● **YOUR GOAL**: Exclude all pictures, then copy each of the records exactly as written.

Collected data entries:
##############################

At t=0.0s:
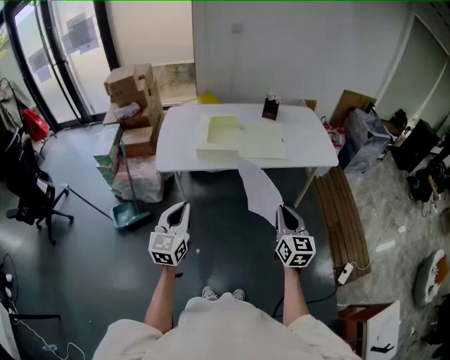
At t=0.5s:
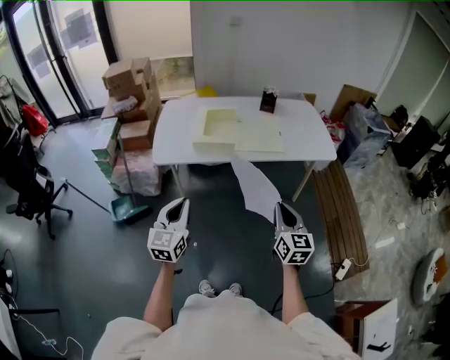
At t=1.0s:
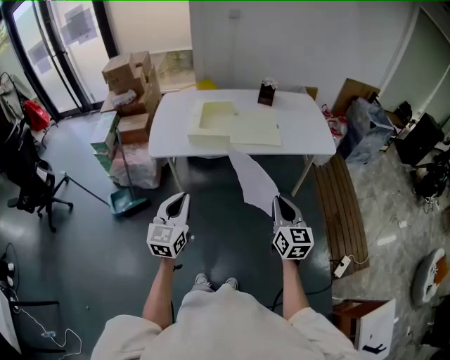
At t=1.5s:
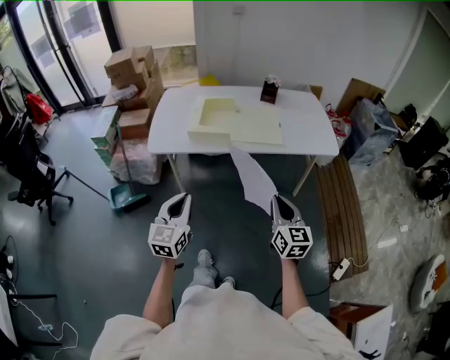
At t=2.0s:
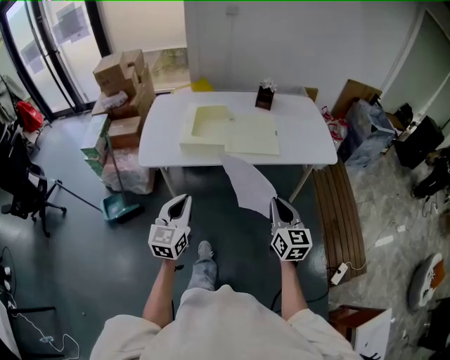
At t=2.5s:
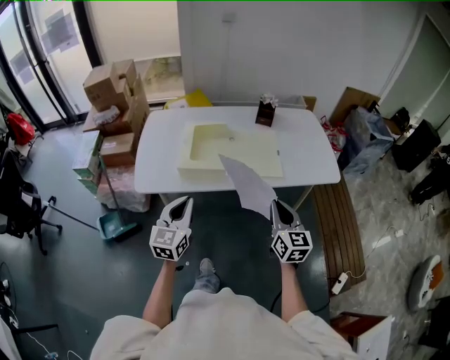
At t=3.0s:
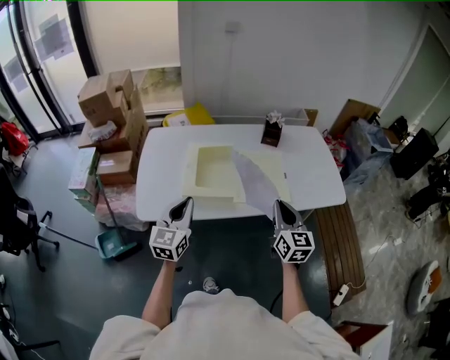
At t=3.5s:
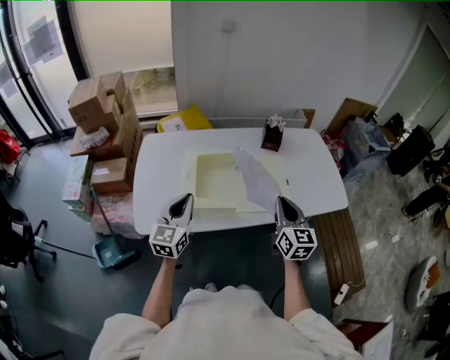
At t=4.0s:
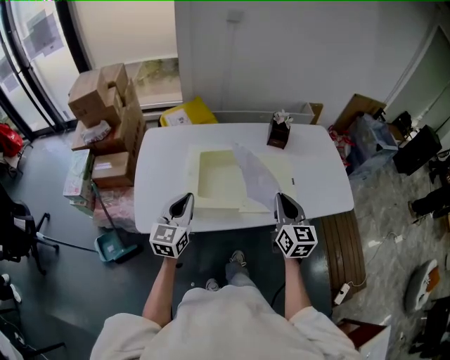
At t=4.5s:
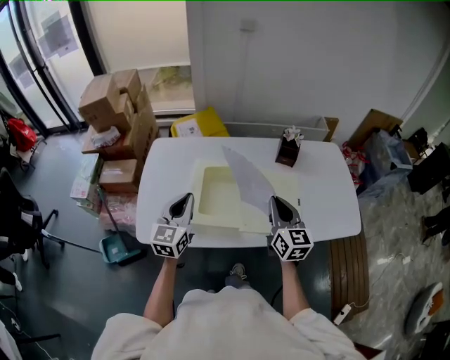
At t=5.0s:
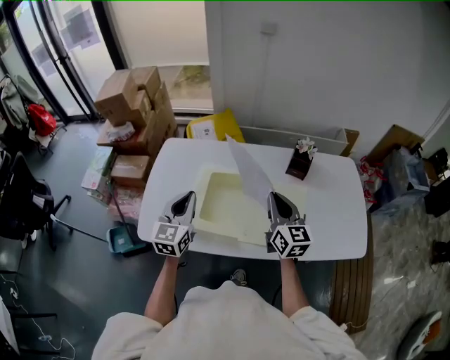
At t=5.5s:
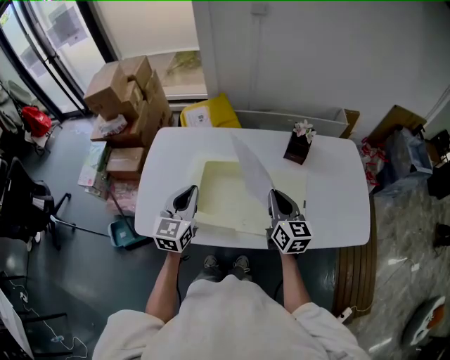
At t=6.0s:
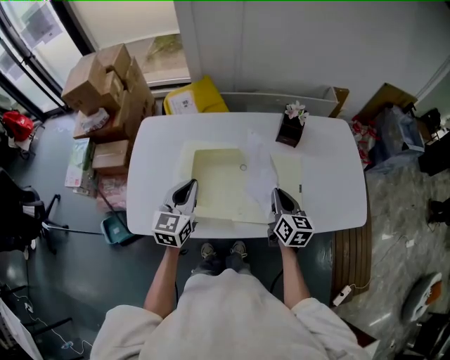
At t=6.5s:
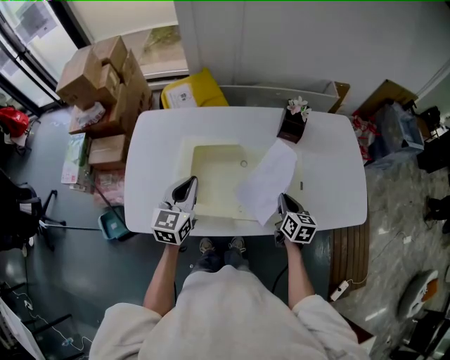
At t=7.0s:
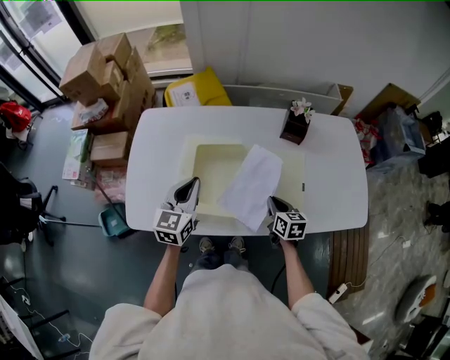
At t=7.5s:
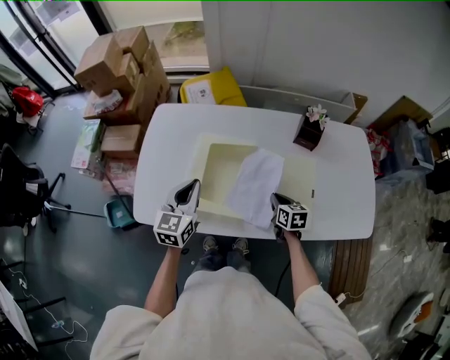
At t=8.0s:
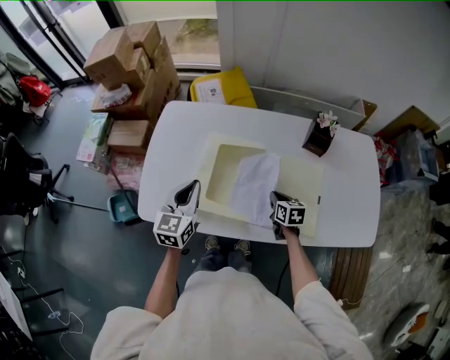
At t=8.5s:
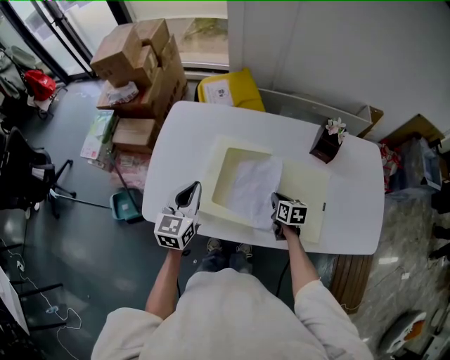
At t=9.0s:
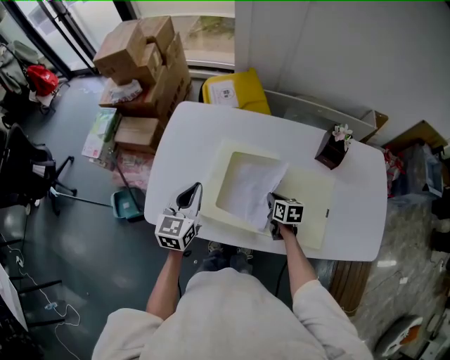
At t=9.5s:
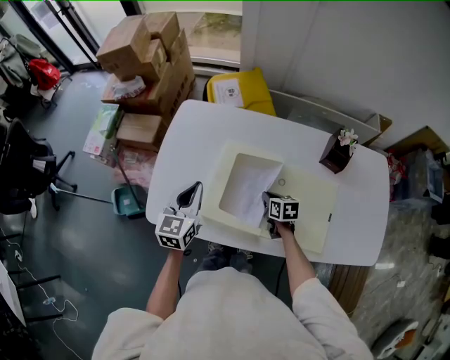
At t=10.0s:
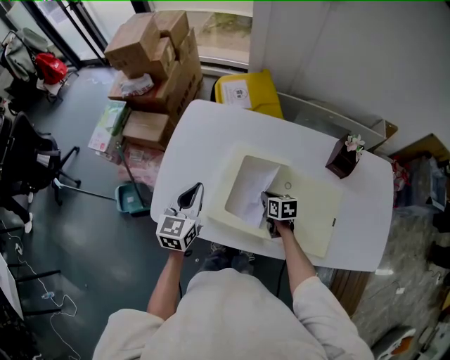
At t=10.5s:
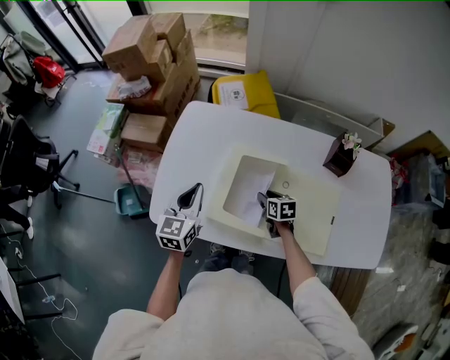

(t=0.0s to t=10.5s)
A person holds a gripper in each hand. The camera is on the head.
t=0.0s - t=2.0s: The right gripper goes roughly 10 cm forward and to the right. The left gripper heads to the right and forward, covering approximately 10 cm.
t=2.0s - t=4.0s: Both grippers move forward, about 35 cm.
t=4.0s - t=6.5s: The right gripper goes some 25 cm downward, forward and to the right, and swivels about 30 degrees. The left gripper moves forward and to the right, approximately 15 cm.
t=6.5s - t=8.5s: The right gripper travels to the left, downward and forward by some 15 cm, and swivels roughly 20 degrees. The left gripper goes approximately 10 cm to the left.
t=8.5s - t=10.5s: The right gripper is displaced to the left and forward by about 10 cm, and opens.

##############################

● **WRITTEN RESPONSE**:
At t=0.0s:
At t=0.5s:
At t=1.0s:
At t=1.5s:
At t=2.0s:
At t=2.5s:
At t=3.0s:
At t=3.5s:
At t=4.0s:
At t=4.5s:
At t=5.0s:
At t=5.5s:
At t=6.0s:
At t=6.5s:
At t=7.0s:
At t=7.5s:
At t=8.0s:
At t=8.5s:
At t=9.0s:
At t=9.5s:
At t=10.0s:
At t=10.5s:

(t=0.0s to t=10.5s)
A person holds a gripper in each hand. The camera is on the head.
t=0.0s - t=2.0s: The right gripper goes roughly 10 cm forward and to the right. The left gripper heads to the right and forward, covering approximately 10 cm.
t=2.0s - t=4.0s: Both grippers move forward, about 35 cm.
t=4.0s - t=6.5s: The right gripper goes some 25 cm downward, forward and to the right, and swivels about 30 degrees. The left gripper moves forward and to the right, approximately 15 cm.
t=6.5s - t=8.5s: The right gripper travels to the left, downward and forward by some 15 cm, and swivels roughly 20 degrees. The left gripper goes approximately 10 cm to the left.
t=8.5s - t=10.5s: The right gripper is displaced to the left and forward by about 10 cm, and opens.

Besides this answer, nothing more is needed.